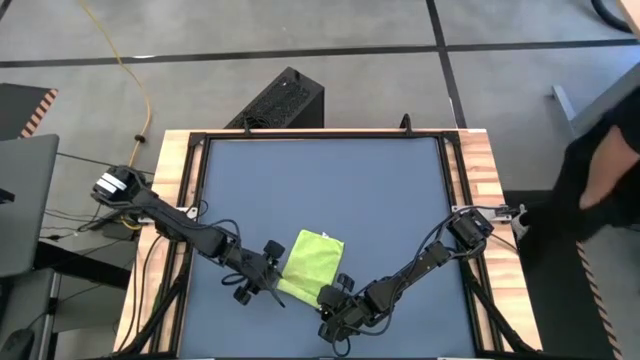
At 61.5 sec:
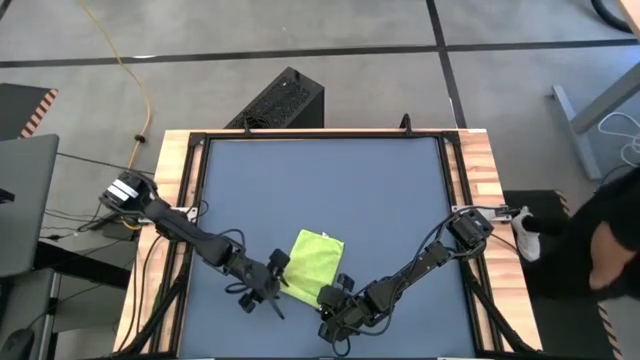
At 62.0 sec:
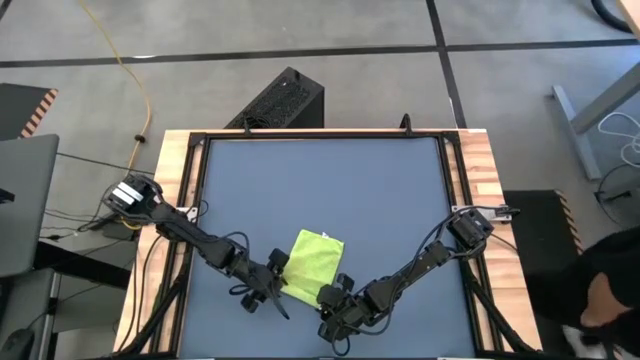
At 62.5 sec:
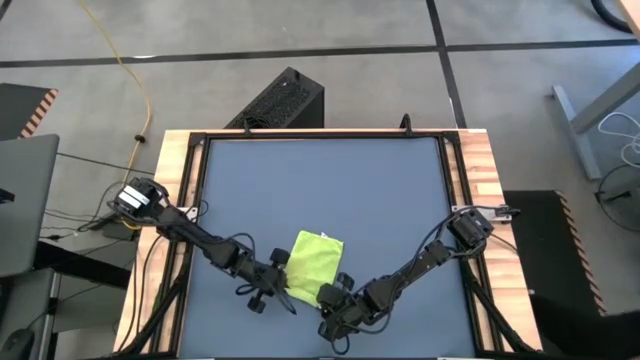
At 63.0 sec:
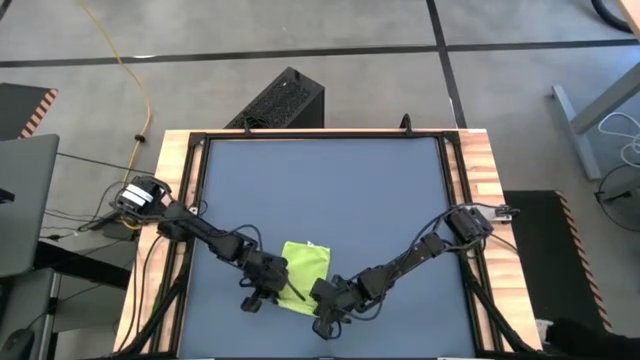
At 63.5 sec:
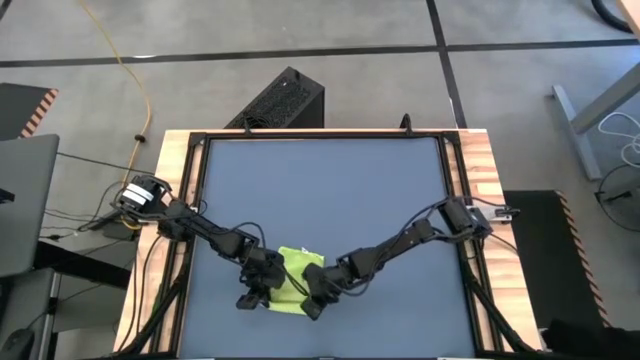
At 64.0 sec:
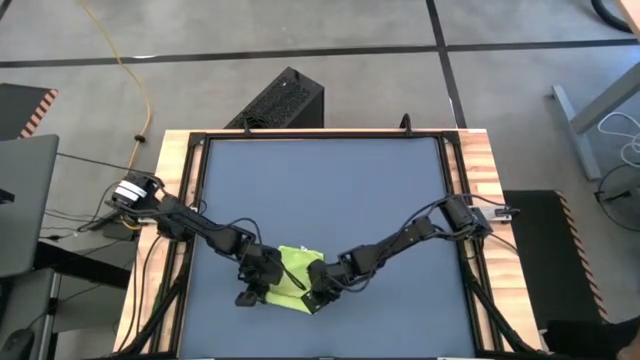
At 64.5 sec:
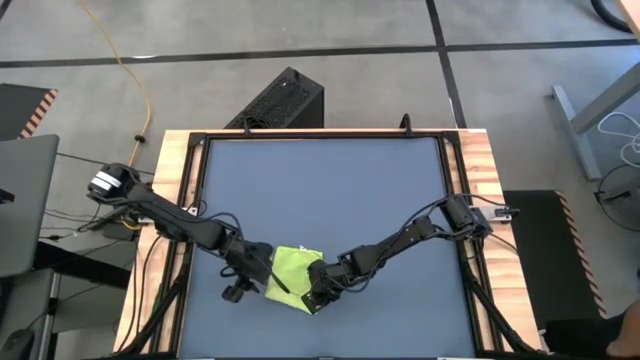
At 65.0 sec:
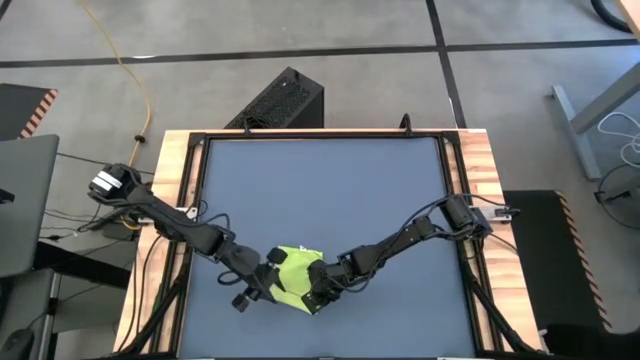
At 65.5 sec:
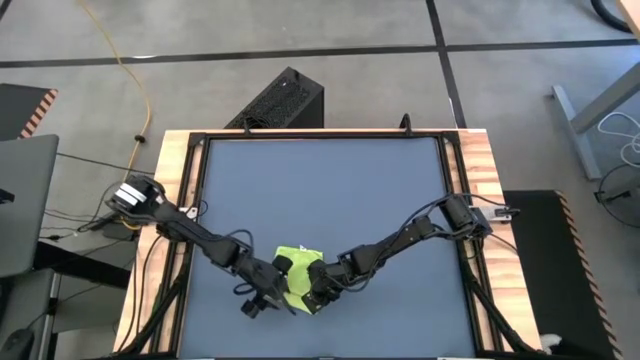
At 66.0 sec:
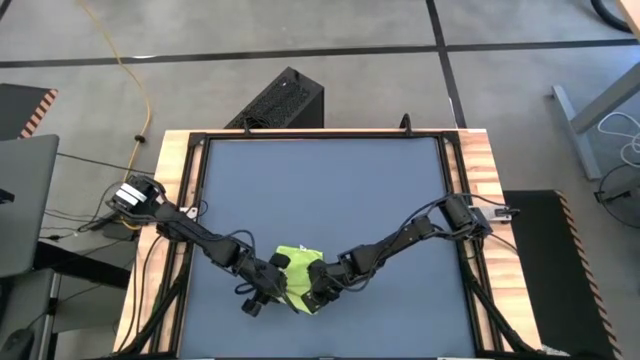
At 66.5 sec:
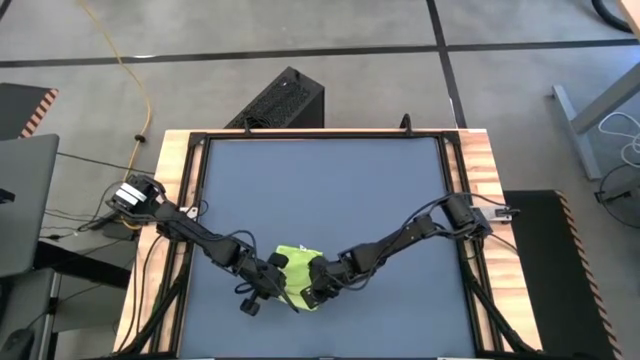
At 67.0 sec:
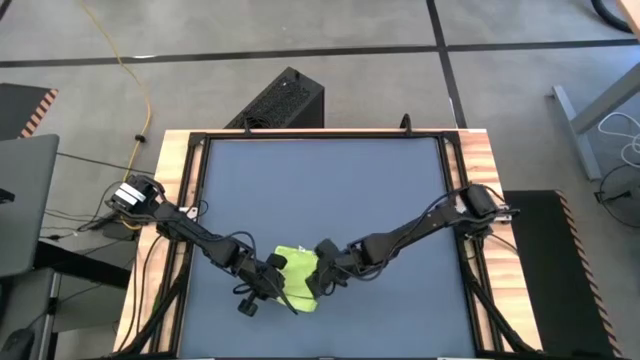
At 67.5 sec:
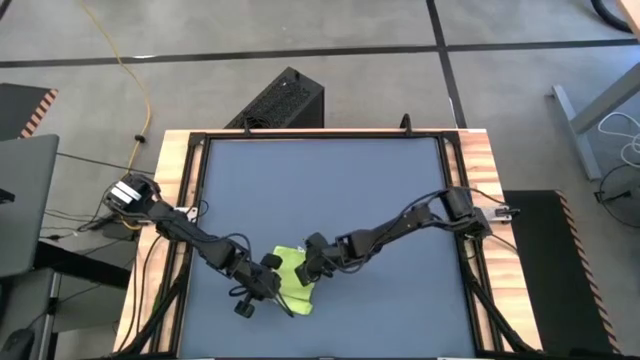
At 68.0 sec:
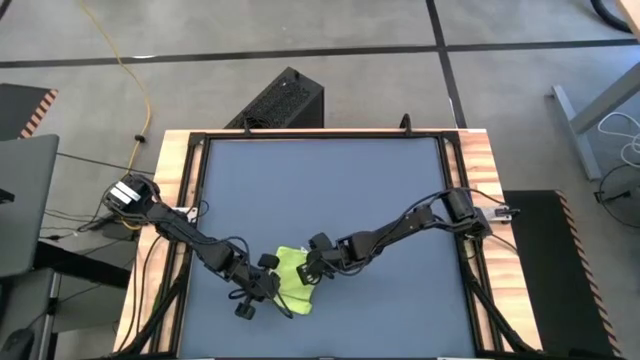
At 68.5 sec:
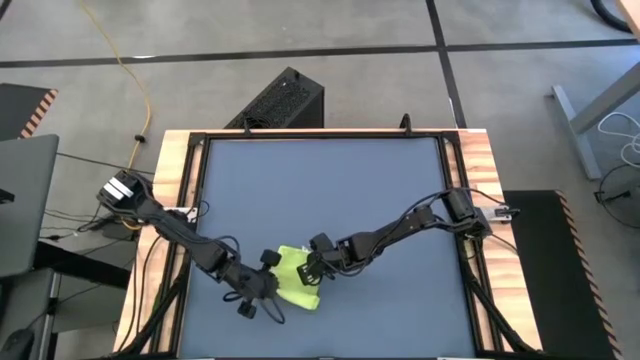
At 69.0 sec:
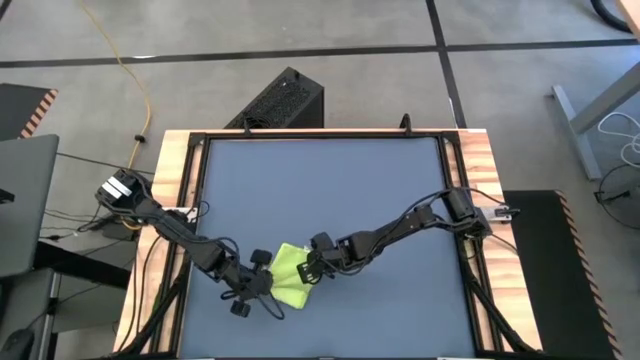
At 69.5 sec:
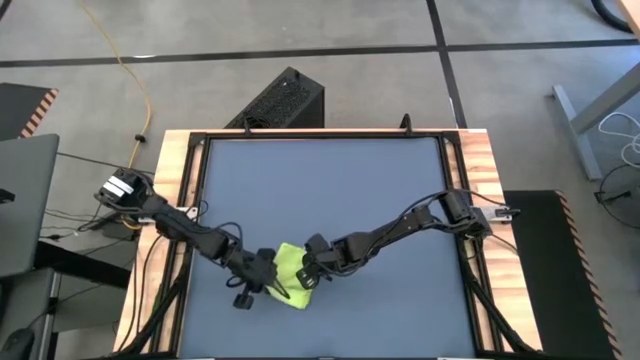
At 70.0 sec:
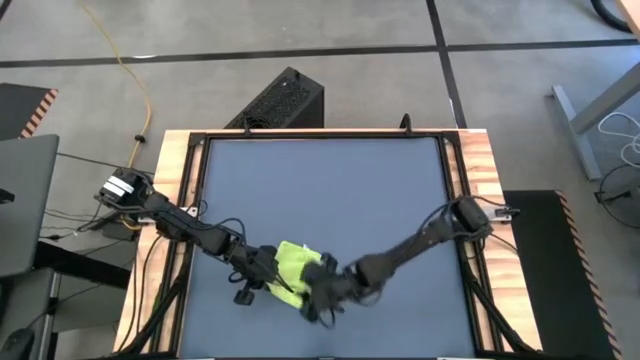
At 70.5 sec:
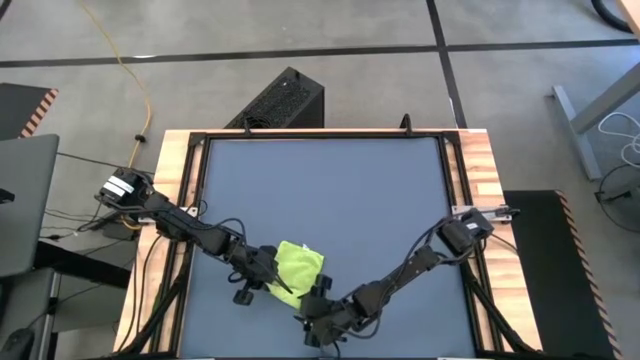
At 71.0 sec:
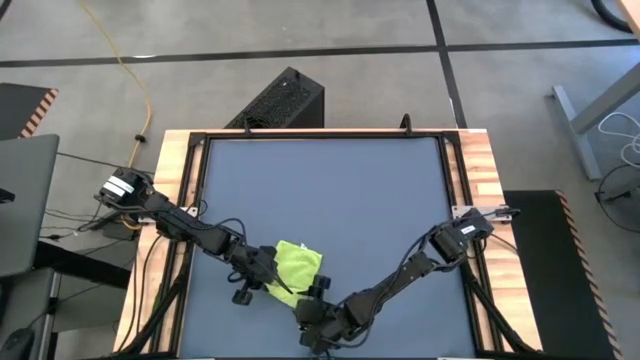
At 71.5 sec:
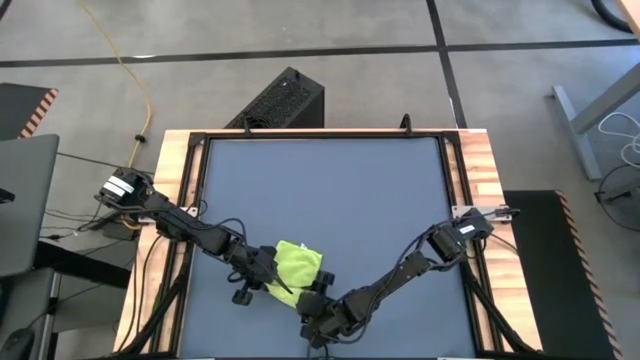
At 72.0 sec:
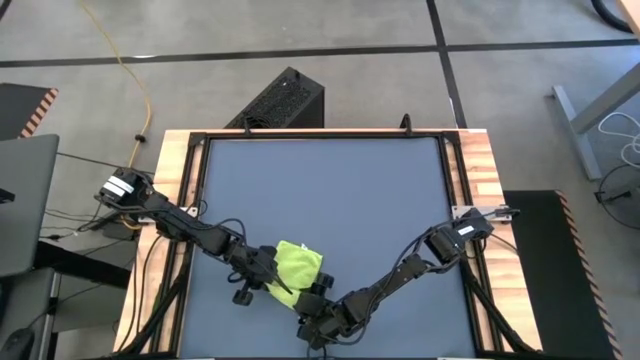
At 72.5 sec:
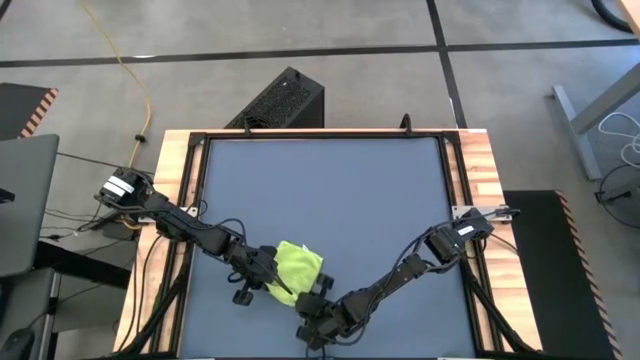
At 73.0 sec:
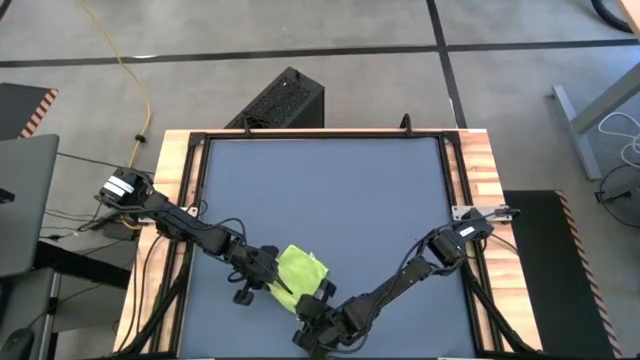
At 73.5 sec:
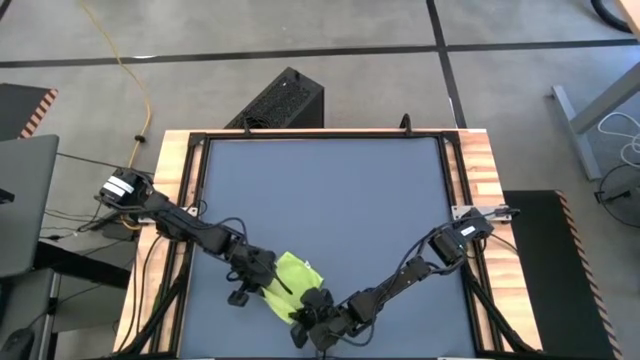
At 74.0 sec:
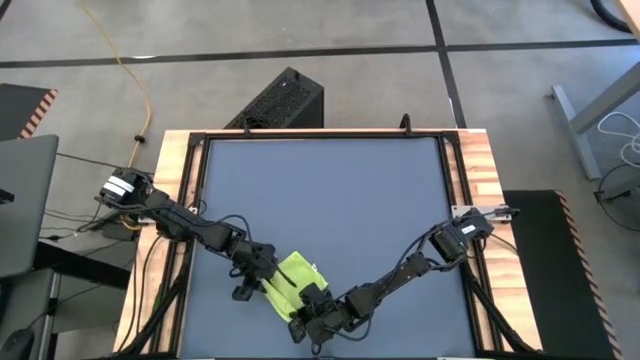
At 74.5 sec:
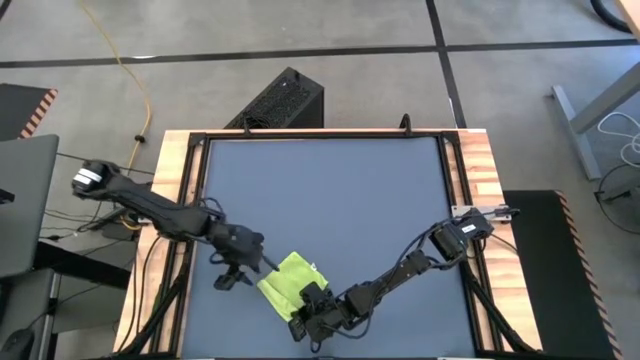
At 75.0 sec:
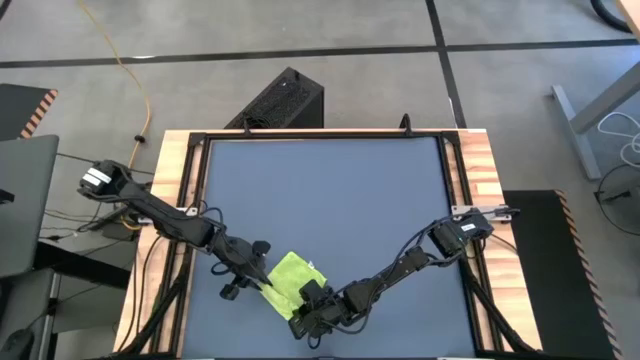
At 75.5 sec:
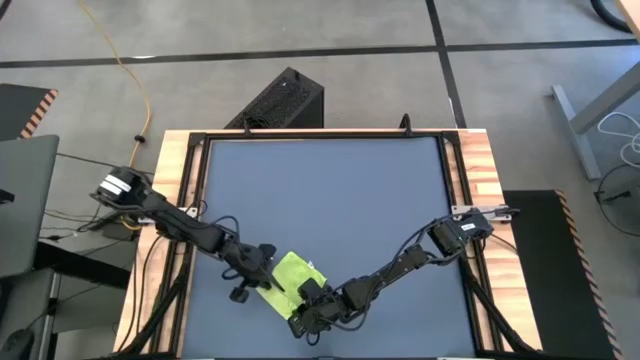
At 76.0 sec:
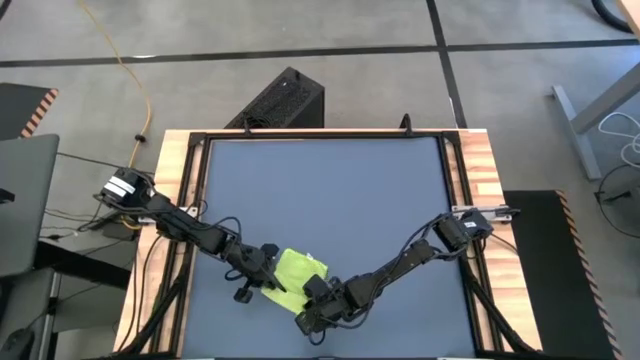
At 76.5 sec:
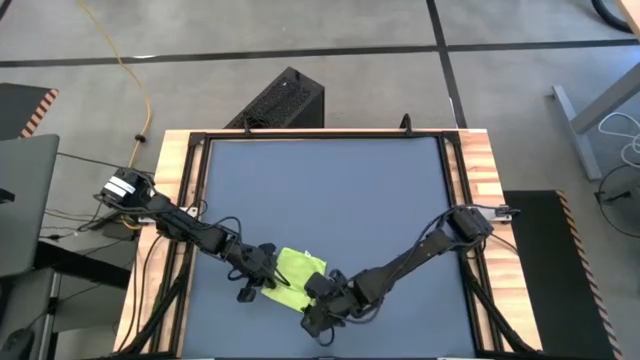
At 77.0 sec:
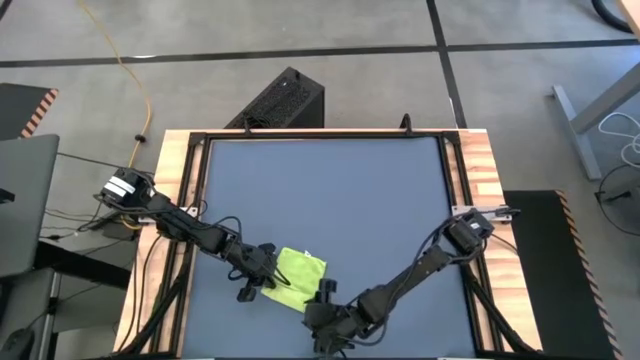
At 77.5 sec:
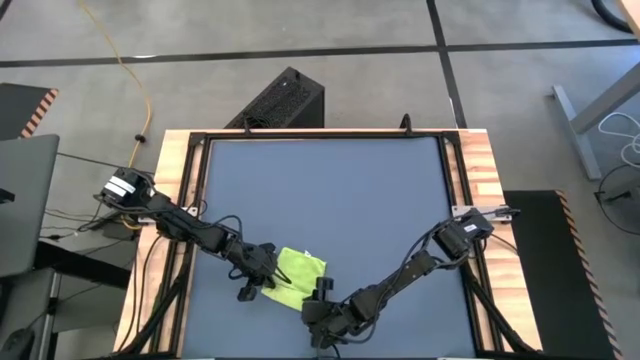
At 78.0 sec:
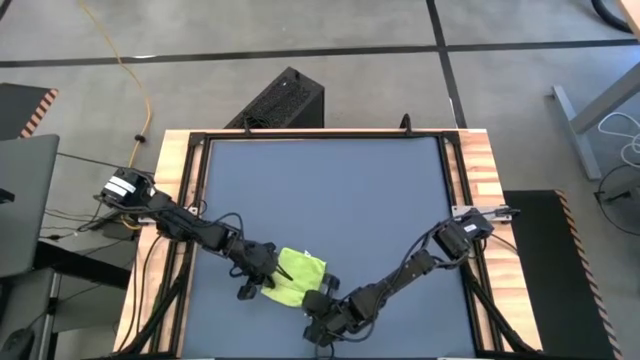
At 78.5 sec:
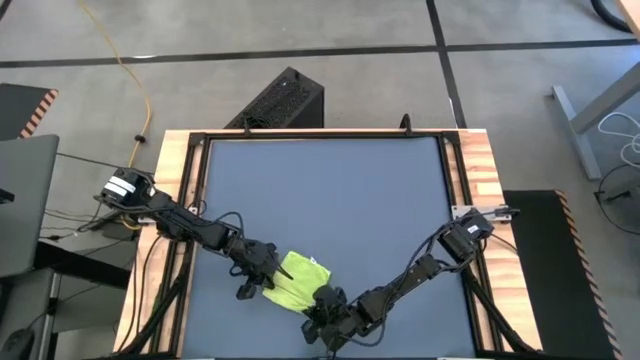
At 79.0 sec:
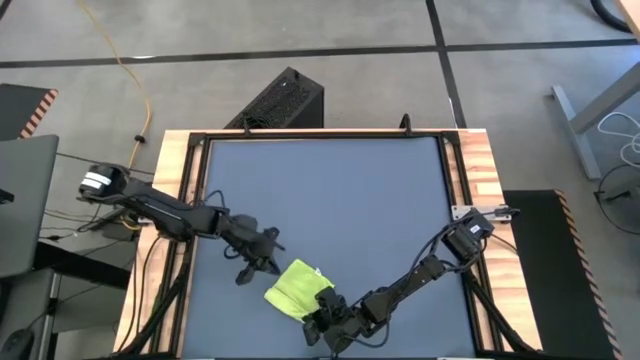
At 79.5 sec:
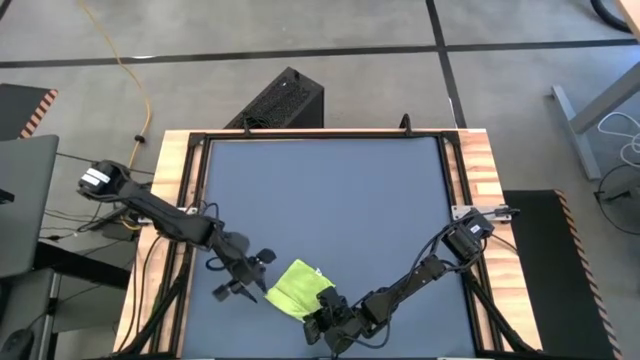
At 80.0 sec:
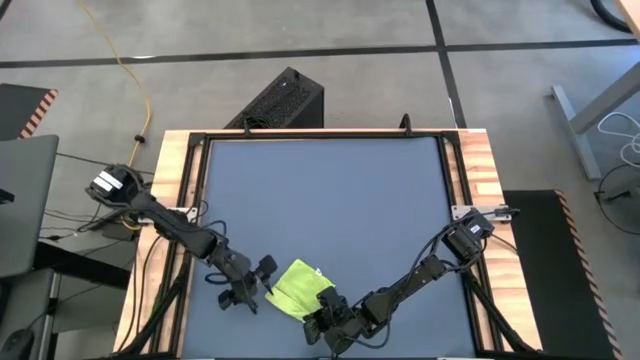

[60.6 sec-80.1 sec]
Task: Roll towel
Roll the green towel

######

▸ Prompt:
Copy the listing verbatim, omitting images.

▸ Finished task:
At 61.5 sec:
At 62.0 sec:
At 62.5 sec:
At 63.0 sec:
At 63.5 sec:
At 64.0 sec:
At 64.5 sec:
At 65.0 sec:
At 65.5 sec:
At 66.0 sec:
At 66.5 sec:
At 67.0 sec:
At 67.5 sec:
At 68.0 sec:
At 68.5 sec:
At 69.0 sec:
At 69.5 sec:
At 70.0 sec:
At 70.5 sec:
At 71.0 sec:
At 71.5 sec:
At 72.0 sec:
At 72.5 sec:
At 73.0 sec:
At 73.5 sec:
At 74.0 sec:
At 74.5 sec:
At 75.0 sec:
At 75.5 sec:
At 76.0 sec:
At 76.5 sec:
At 77.0 sec:
At 77.5 sec:
At 78.0 sec:
At 78.5 sec:
At 79.0 sec:
At 79.5 sec:
At 80.0 sec:

[60.6 sec-80.1 sec]
Task: Roll towel
Roll the green towel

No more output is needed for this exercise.